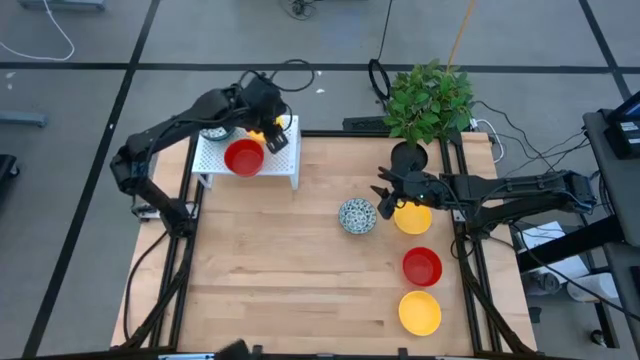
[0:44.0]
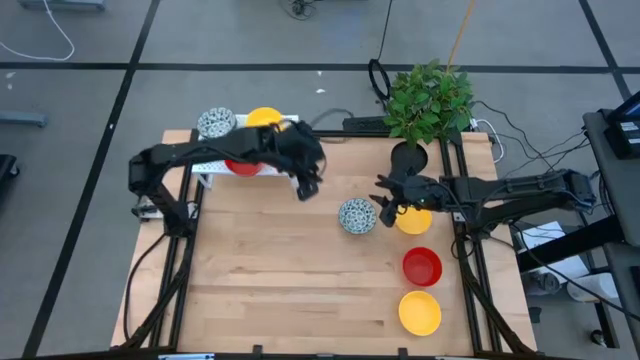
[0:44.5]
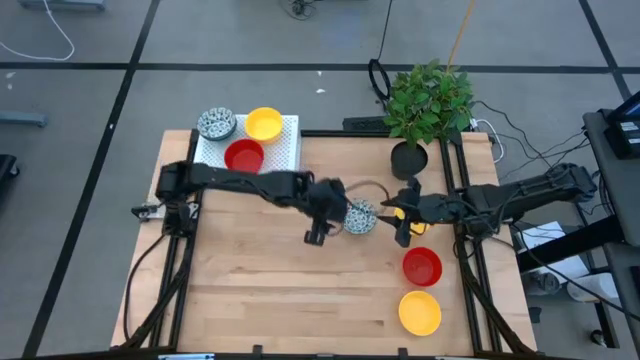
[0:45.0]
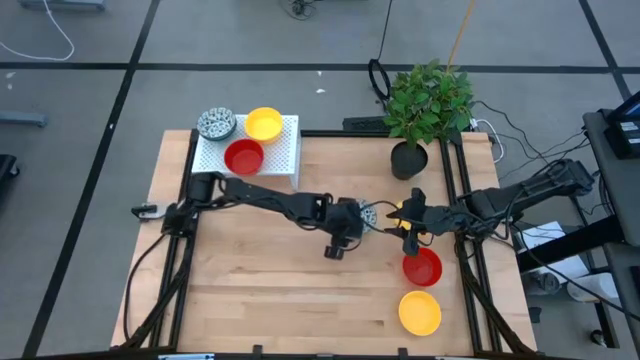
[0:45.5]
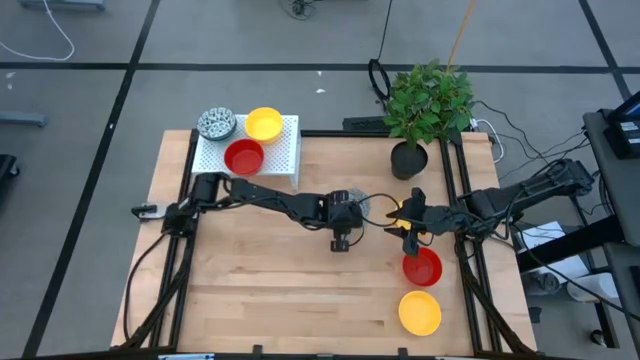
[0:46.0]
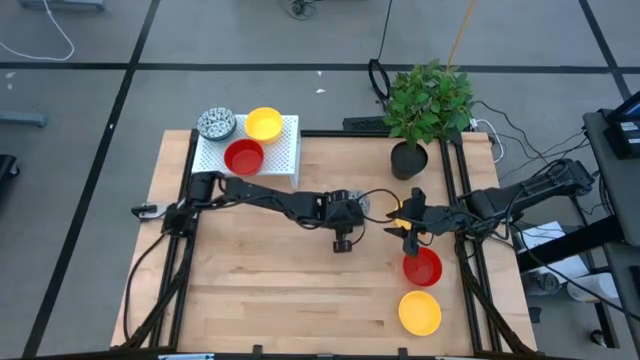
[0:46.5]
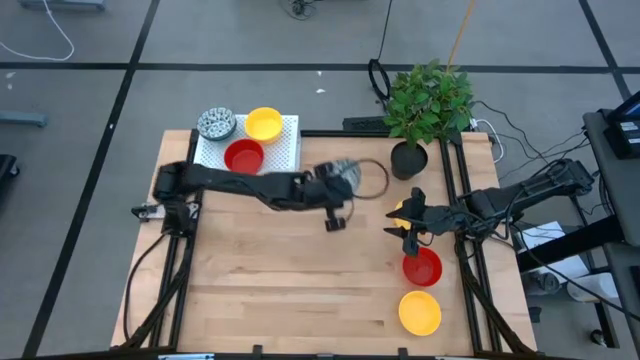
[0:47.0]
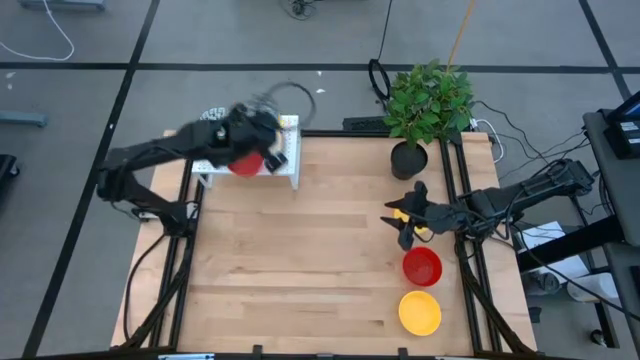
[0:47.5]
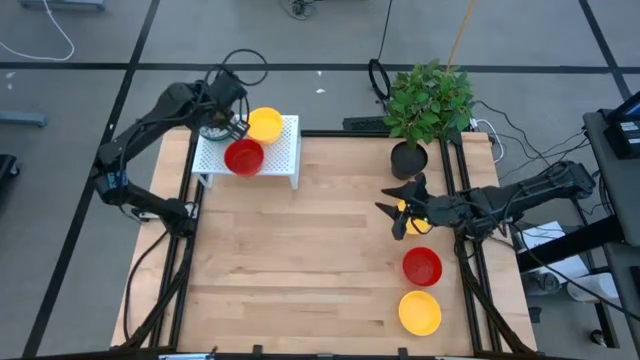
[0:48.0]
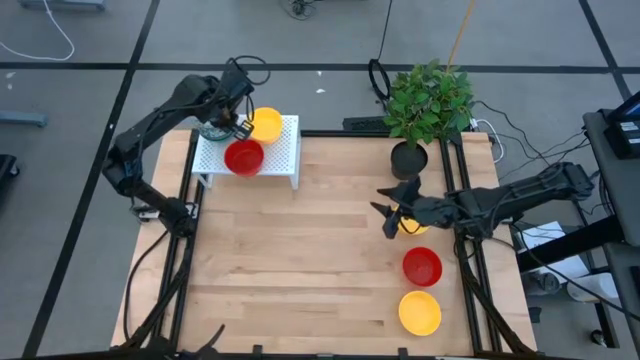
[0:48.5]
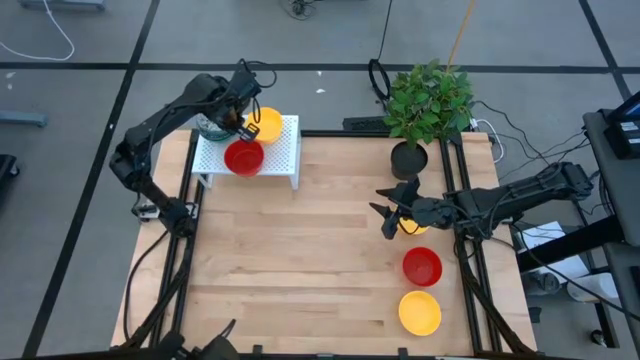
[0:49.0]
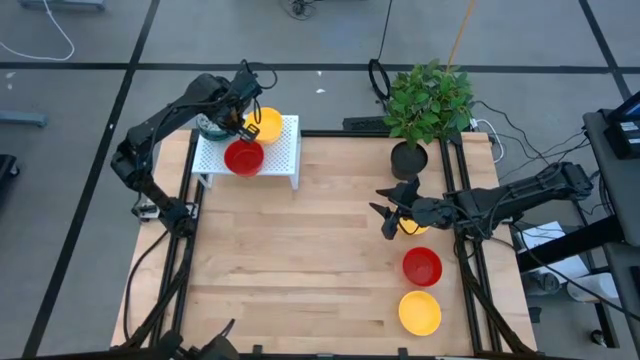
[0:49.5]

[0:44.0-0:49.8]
Stack the blue patterned bowl on top of the blue patterned bowl on the shelf

- - - - - - -

## REQUIREMENT
Without the pictures, write out the entire listing exactly.

## RESPONSE BELOW
[0:44.0]
[0:44.5]
[0:45.0]
[0:45.5]
[0:46.0]
[0:46.5]
[0:47.0]
[0:47.5]
[0:48.0]
[0:48.5]
[0:49.0]
[0:49.5]

[0:44.0-0:49.8]
Stack the blue patterned bowl on top of the blue patterned bowl on the shelf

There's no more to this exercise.